Image result for cheese with your whine

What is less easy to see is how often we whine in that same way.  Immaturity in others, after all, is always far more visible than immaturity in ourselves.  Immaturity in ourselves is always far more understandable in ourselves than in others (we give ourselves a pass on such whining more readily and easily than we give such a pass to others).

As I read this text that morning, though, I could see it me.  I could see that I am often so immature and unhelpful, that I often whine.  And I could also see what to do about that.  I could see that God was calling me not to simply stop whining; I suppose that was part of what God was calling me to, but it was not the totality (stop is rarely the totality of what God tells us about anything).  I could also see that God was not calling me to try to escape the situations which result in whining; that’s not possible; many of these situations are out of my control and thus inescapable.

Rather, I could see that God was calling me to change my question.  He was calling me to turn from asking why to asking what.  He was calling me to move from asking, “Why is this happening to me?” to “What is Kingdom in this situation?”

I take that phrase Kingdom from our Lord Jesus Christ Himself.  Kingdom was His primary message, being the subject of what I call His “inaugural message”, the sermon He preached when He began His public ministry (Matthew 4:17 and Mark 1:15).  It was also in a prominent place in His “model” or “Lord’s Prayer” (Matthew 6:9-13).

Image result for thy kingdom come thy will be done

I sometimes call this “the goal of God”.  I think that is what it is.  I think God’s ultimate goal and thus Jesus’ ultimate goal is the Kingdom coming, God’s will being done as perfectly on earth as it is in the heavenly realms.  Every other goal God has (making disciples of all nations, transforming us into the likeness of His son) is a subset or expression of that one, great, overriding goal.

And since that is His goal, it should be my goal as well.  That being the case, “Why is this happening to me?” is always the wrong question.  A much better question is, “What is Kingdom here?  What does the Kingdom want to result from this my encounter with this obstacle?  How can God’s will be done in this difficulty?”  There is a positive answer to that question/those questions.  Every obstacle and difficulty, every setback and attack and insult and hardship, is a Kingdom opportunity, a chance for God’s will to not only be done but be done through me.  And thus that is the question to ask.  That is the avenue to take.

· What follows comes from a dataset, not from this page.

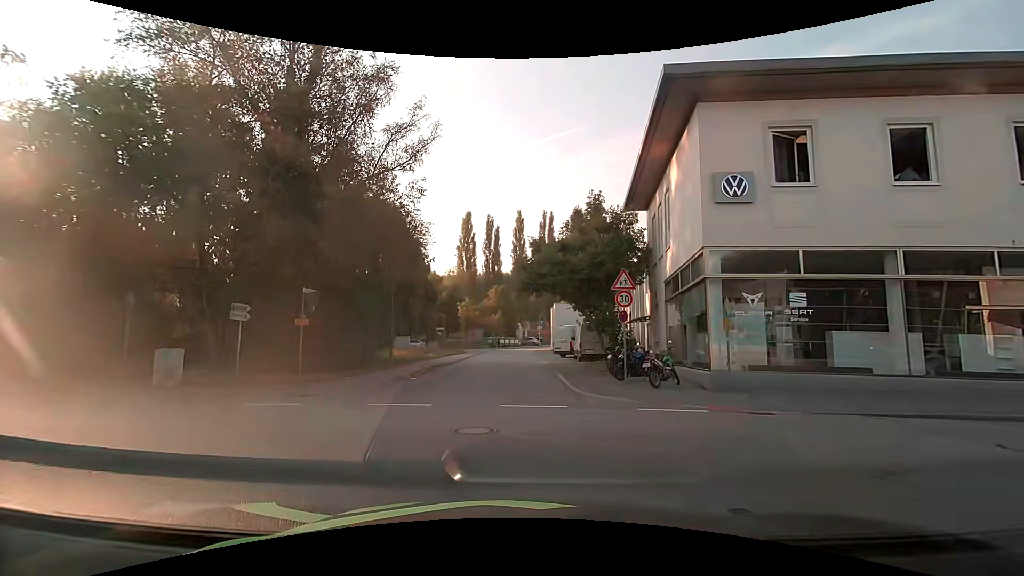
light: Day
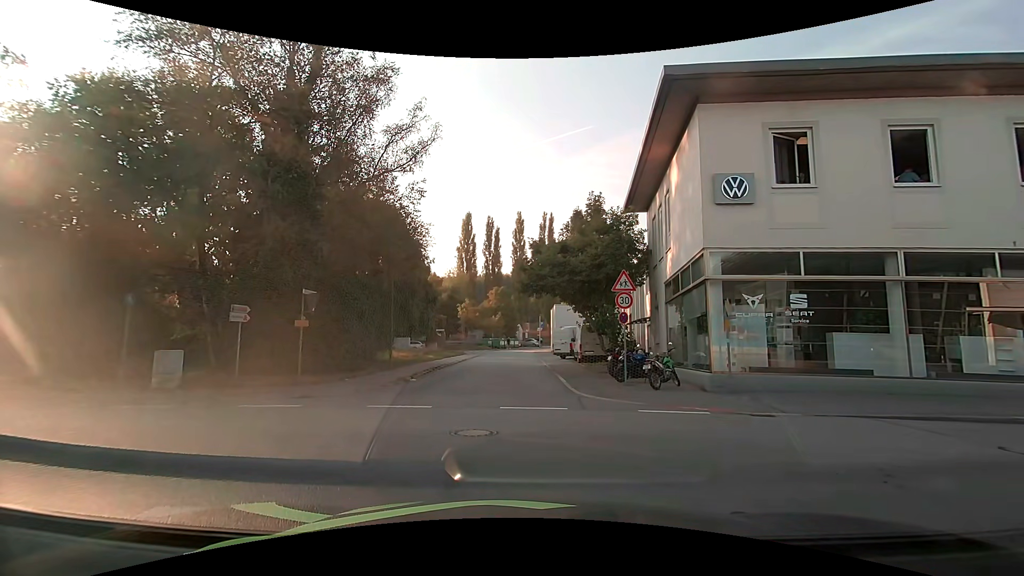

And I’m not very good at taking it.  I’ll be honest about that.  I’d love to see myself as Joseph (who it seems had some immaturity in the early part of his story but who was fully living into the Kingdom by this point), but I know I’m far more like Jacob.  It is not easy to switch questions like this.  It isn’t for me, anyway.  I will keep that switch in mind, though, or I’ll try to.  It is what will indeed bring the Kingdom, so it is what I will try to do.  I’ll try to go from “Why?” to “What?”